Current research on optimizing the locomotion capabilities of quadruped robots often faces challenges, such as limited dimensionality in motion generation, abrupt transitions during behavior composition, and constrained control optimization objectives. These limitations hinder the reliable and efficient execution of smooth movements and multi-task operations in complex scenarios. To address these issues, this paper proposes a motion strategy generation method for quadruped robots based on multimodal motion primitives and imitation learning. The multimodal motion primitives do not refer to multiple motion primitives learned within a unified parameter space. Instead, they denote a collection of heterogeneous action representations derived from distinct motion generation paradigms, including 3D-engine-based keyframe specification, motion primitives obtained via motion capture data retargeting, and analytically generated trajectories based on central pattern generators (CPGs).

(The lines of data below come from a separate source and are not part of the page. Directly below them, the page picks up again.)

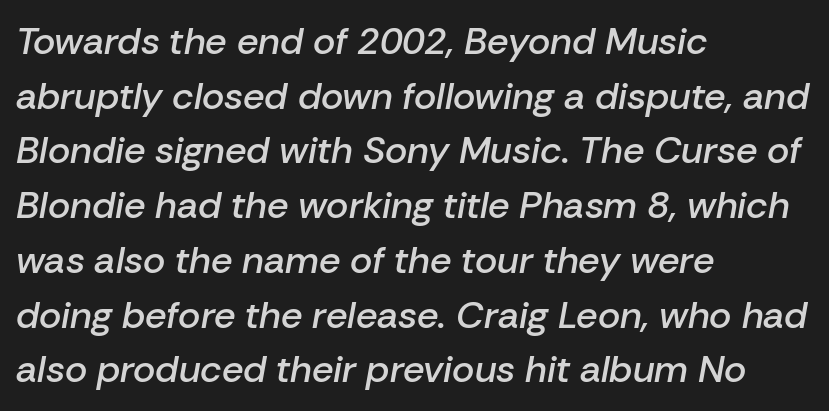
Q: Is the text bold? A: Semi-bold.
Q: Is the text italic (slanted)? A: Yes, it leans right by about 10 degrees.
Q: Is the text underlined? A: No.
Q: How is the paragraph aligned? A: Left-aligned.
Q: Is the spacing between letters normal or unusually wide? A: Normal.
Q: Is the spacing between lines tight, normal or loose? A: Normal.
Q: Width (condensed, normal, or wide)? A: Normal.
Q: Stroke contrast? A: Low.
Q: x-height? A: Medium.
Q: Monospaced? A: No.
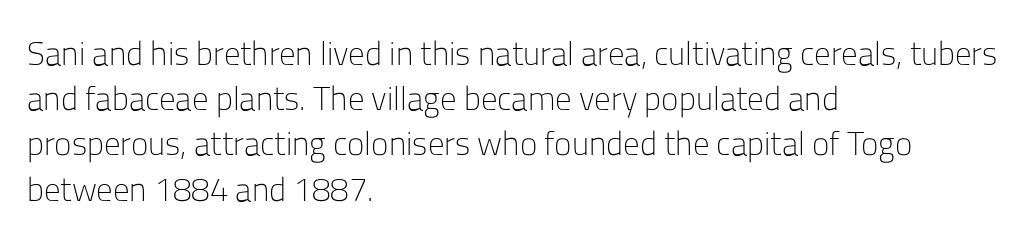
Q: Is the text bold? A: No.
Q: Is the text italic (slanted)? A: No, it is upright.
Q: Is the typeface a serif or a sans-serif typeface? A: Sans-serif.
Q: Is the text underlined? A: No.
Q: How is the paragraph aligned? A: Left-aligned.
Q: Is the spacing between letters normal or unusually wide? A: Normal.
Q: Is the spacing between lines tight, normal or loose? A: Normal.
Q: Width (condensed, normal, or wide)? A: Normal.
Q: Stroke contrast? A: Low.
Q: x-height? A: Medium.
Q: Monospaced? A: No.
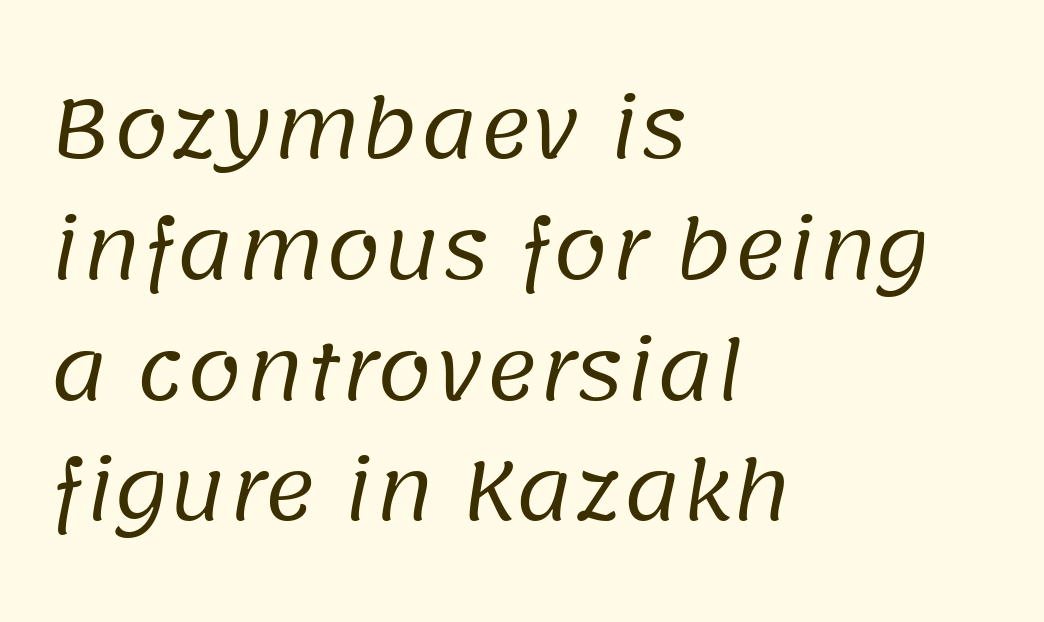
Q: Is the text bold? A: No.
Q: Is the typeface a serif or a sans-serif typeface? A: Sans-serif.
Q: Is the text underlined? A: No.
Q: How is the paragraph aligned? A: Left-aligned.
Q: Is the spacing between letters normal or unusually wide? A: Normal.
Q: Is the spacing between lines tight, normal or loose? A: Normal.
Q: Width (condensed, normal, or wide)? A: Normal.
Q: Stroke contrast? A: Low.
Q: x-height? A: Large.
Q: Monospaced? A: No.
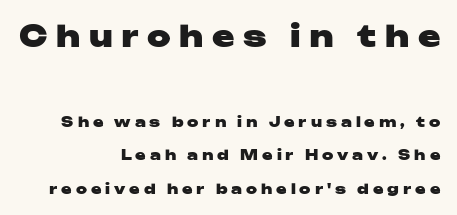
{"serif": "no", "italic": "no", "bold": "yes", "weight": "heavy", "width": "wide", "stroke_contrast": "low", "x_height": "medium", "monospaced": "no", "underline": "no", "align": "right", "line_spacing": "loose", "line_spacing_ratio": 2.39, "letter_spacing": "wide", "letter_spacing_em": 0.28, "larger_block": "first", "size_ratio": 2.14, "glyph_px": 30}
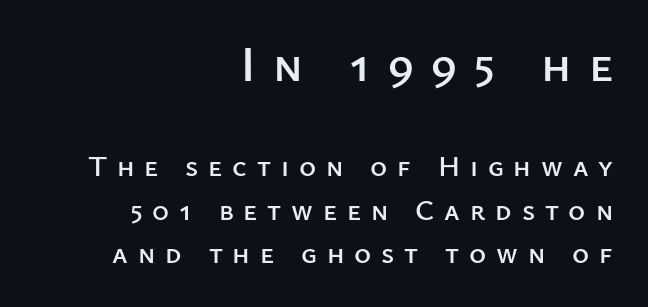
Q: Is the text italic (slanted)? A: No, it is upright.
Q: Is the typeface a serif or a sans-serif typeface? A: Sans-serif.
Q: Is the text underlined? A: No.
Q: How is the paragraph aligned? A: Right-aligned.
Q: Is the spacing between letters normal or unusually wide? A: Unusually wide.
Q: Is the spacing between lines tight, normal or loose? A: Normal.
Q: Which block of text is set in a larger size, the first (top) or the second (bottom)? A: The first (top) one.
Q: Width (condensed, normal, or wide)? A: Normal.
Q: Stroke contrast? A: Low.
Q: x-height? A: Medium.
Q: Monospaced? A: No.
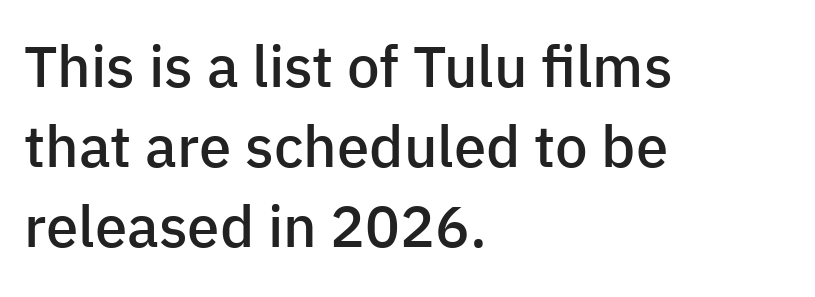
Spacing between characters is what you'd get straight out of the box. Descender tails drop into unmarked territory. The rag falls on the right side of this text block. A bit beefed up — I'd call it semibold rather than bold.
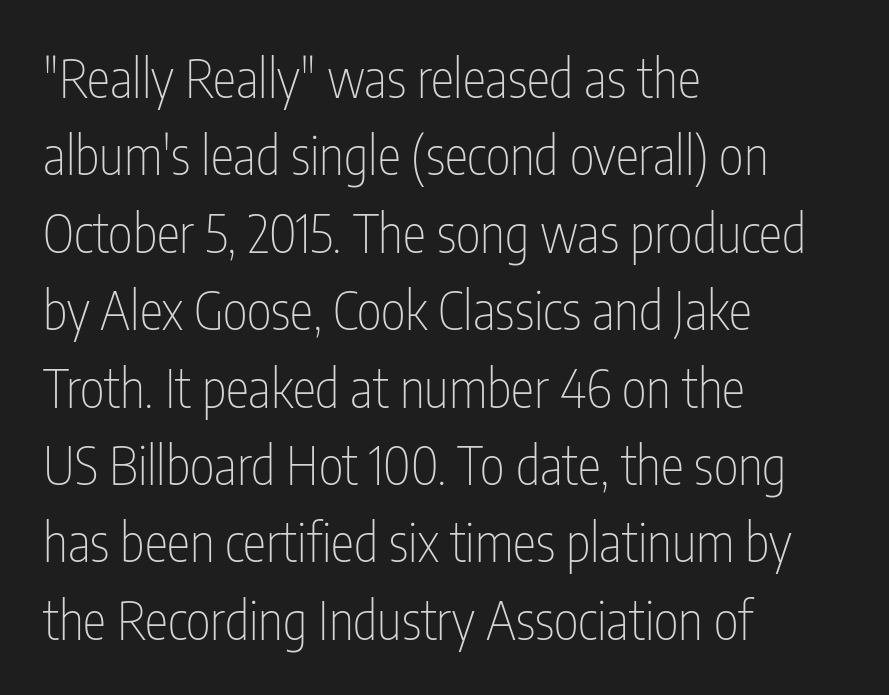
Standard letterfit; no display-style spreading of the glyphs. A student would call this left alignment; a typographer would say flush left, rag right. Posture: vertical. In terms of leading, this rendering sits right in the middle.
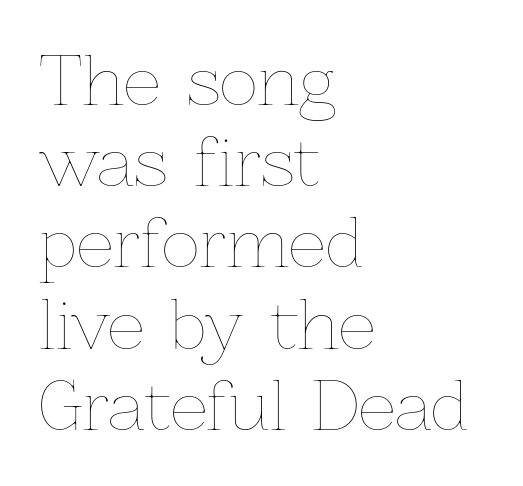
The image shows 66 px thin type, upright; set left-aligned, line spacing 1.23x, normal letter spacing, not underlined; low stroke contrast and a medium x-height.
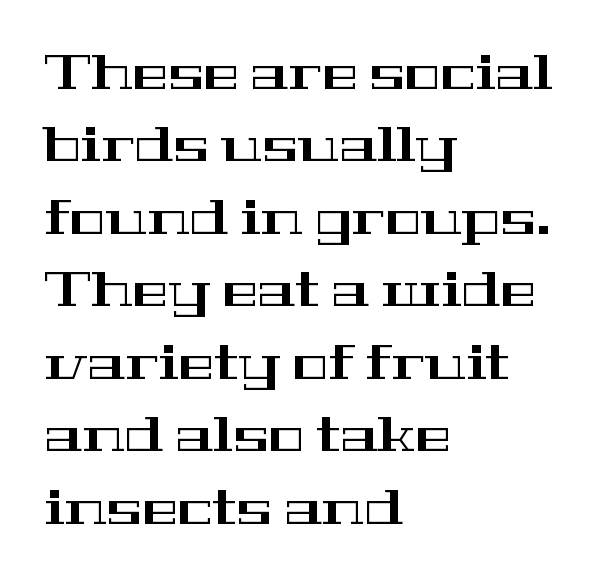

Existing approaches are typically trained for a single motion pattern, which makes it difficult to achieve the integrated execution of heterogeneous behaviors—such as stepping in place, locomotion, and posture adjustment—within a unified control framework [18]. In contrast, the proposed method enables a unified representation and seamless switching among multiple behaviors through multimodal motion modeling and a behavior planning mechanism. The main contributions of this paper are as follows:
- •A fundamental motion primitive library for quadruped robots was designed, establishing an underlying behavioral foundation for executing complex tasks and enabling flexible motion control.
- •A modular architecture was employed to achieve spatiotemporal encoding of motion primitives and skill-chain recombination for quadruped robots, enabling the dynamic synthesis of behavior sequences in complex scenarios through a behavioral planner.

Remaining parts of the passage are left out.